32. Find all possible values of a unit vector \( \boldsymbol{u} \) that will be perpendicular to both \( \boldsymbol{i}+2 \boldsymbol{j}+\boldsymbol{k} \) and \( 3 \boldsymbol{i}-4 \boldsymbol{j}+2 \boldsymbol{k} \).
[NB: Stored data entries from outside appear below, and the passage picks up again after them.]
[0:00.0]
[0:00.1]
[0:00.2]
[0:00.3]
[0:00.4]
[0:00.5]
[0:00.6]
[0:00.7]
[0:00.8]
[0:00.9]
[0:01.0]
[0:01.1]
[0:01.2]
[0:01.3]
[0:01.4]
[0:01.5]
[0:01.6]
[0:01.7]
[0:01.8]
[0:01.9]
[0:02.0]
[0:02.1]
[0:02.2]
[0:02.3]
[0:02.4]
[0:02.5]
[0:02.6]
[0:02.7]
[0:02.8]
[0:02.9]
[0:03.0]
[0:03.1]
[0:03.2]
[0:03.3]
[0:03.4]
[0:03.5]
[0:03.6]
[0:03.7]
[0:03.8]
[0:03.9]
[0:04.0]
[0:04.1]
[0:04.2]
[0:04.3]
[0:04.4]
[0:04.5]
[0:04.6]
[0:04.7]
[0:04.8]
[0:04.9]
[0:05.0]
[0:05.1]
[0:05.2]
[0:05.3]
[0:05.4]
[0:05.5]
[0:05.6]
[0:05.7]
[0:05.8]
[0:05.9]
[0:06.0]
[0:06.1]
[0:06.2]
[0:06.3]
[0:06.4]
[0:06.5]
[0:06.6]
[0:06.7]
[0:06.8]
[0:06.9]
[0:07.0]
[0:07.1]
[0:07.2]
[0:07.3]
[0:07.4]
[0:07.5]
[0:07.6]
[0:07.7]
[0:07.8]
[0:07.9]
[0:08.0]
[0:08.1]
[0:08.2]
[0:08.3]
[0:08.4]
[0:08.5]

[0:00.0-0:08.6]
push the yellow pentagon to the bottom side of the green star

To find a unit vector \( \boldsymbol{u} \) that is perpendicular to both given vectors, we can utilize the cross product. The cross product of two vectors yields a vector that is orthogonal to both. First, we denote the vectors: \[ \boldsymbol{v_1} = \boldsymbol{i} + 2\boldsymbol{j} + \boldsymbol{k} \] \[ \boldsymbol{v_2} = 3\boldsymbol{i} - 4\boldsymbol{j} + 2\boldsymbol{k} \] Now, compute the cross product \( \boldsymbol{u} = \boldsymbol{v_1} \times \boldsymbol{v_2} \): \[ \boldsymbol{u} = \begin{vmatrix} \boldsymbol{i} & \boldsymbol{j} & \boldsymbol{k} \\ 1 & 2 & 1 \\ 3 & -4 & 2 \end{vmatrix} \] Calculating this determinant: \[ \boldsymbol{u} = \boldsymbol{i}\begin{vmatrix}2 & 1 \\ -4 & 2\end{vmatrix} - \boldsymbol{j}\begin{vmatrix}1 & 1 \\ 3 & 2\end{vmatrix} + \boldsymbol{k}\begin{vmatrix}1 & 2 \\ 3 & -4\end{vmatrix} \] Calculating each of those 2x2 determinants: \[ \begin{vmatrix}2 & 1 \\ -4 & 2\end{vmatrix} = (2)(2) - (1)(-4) = 4 + 4 = 8 \] \[ \begin{vmatrix}1 & 1 \\ 3 & 2\end{vmatrix} = (1)(2) - (1)(3) = 2 - 3 = -1 \] \[ \begin{vmatrix}1 & 2 \\ 3 & -4\end{vmatrix} = (1)(-4) - (2)(3) = -4 - 6 = -10 \] Substituting back into the cross product expression: \[ \boldsymbol{u} = 8\boldsymbol{i} + 1\boldsymbol{j} - 10\boldsymbol{k} \] Now, this gives: \[ \boldsymbol{u} = (8, 1, -10) \] To find the unit vector, we need to normalize \( \boldsymbol{u} \): First, compute the magnitude \( ||\boldsymbol{u}|| \): \[ ||\boldsymbol{u}|| = \sqrt{8^2 + 1^2 + (-10)^2} = \sqrt{64 + 1 + 100} = \sqrt{165} \] Thus, the unit vector in the direction of \( \boldsymbol{u} \) is: \[ \hat{\boldsymbol{u}} = \frac{1}{\sqrt{165}}(8, 1, -10) \] Consequently, the possible values for the unit vector that is perpendicular to both original vectors can be: \[ \hat{\boldsymbol{u}} = \frac{8}{\sqrt{165}} \boldsymbol{i} + \frac{1}{\sqrt{165}} \boldsymbol{j} - \frac{10}{\sqrt{165}} \boldsymbol{k} \] or its negative, \[ -\hat{\boldsymbol{u}} = -\frac{8}{\sqrt{165}} \boldsymbol{i} - \frac{1}{\sqrt{165}} \boldsymbol{j} + \frac{10}{\sqrt{165}} \boldsymbol{k} \] To summarize, the two possible values for the unit vector perpendicular to both given vectors are: \[ \hat{\boldsymbol{u}} = \frac{8}{\sqrt{165}} \boldsymbol{i} + \frac{1}{\sqrt{165}} \boldsymbol{j} - \frac{10}{\sqrt{165}} \boldsymbol{k} \quad \text{and} \quad -\hat{\boldsymbol{u}} = -\frac{8}{\sqrt{165}} \boldsymbol{i} - \frac{1}{\sqrt{165}} \boldsymbol{j} + \frac{10}{\sqrt{165}} \boldsymbol{k} \]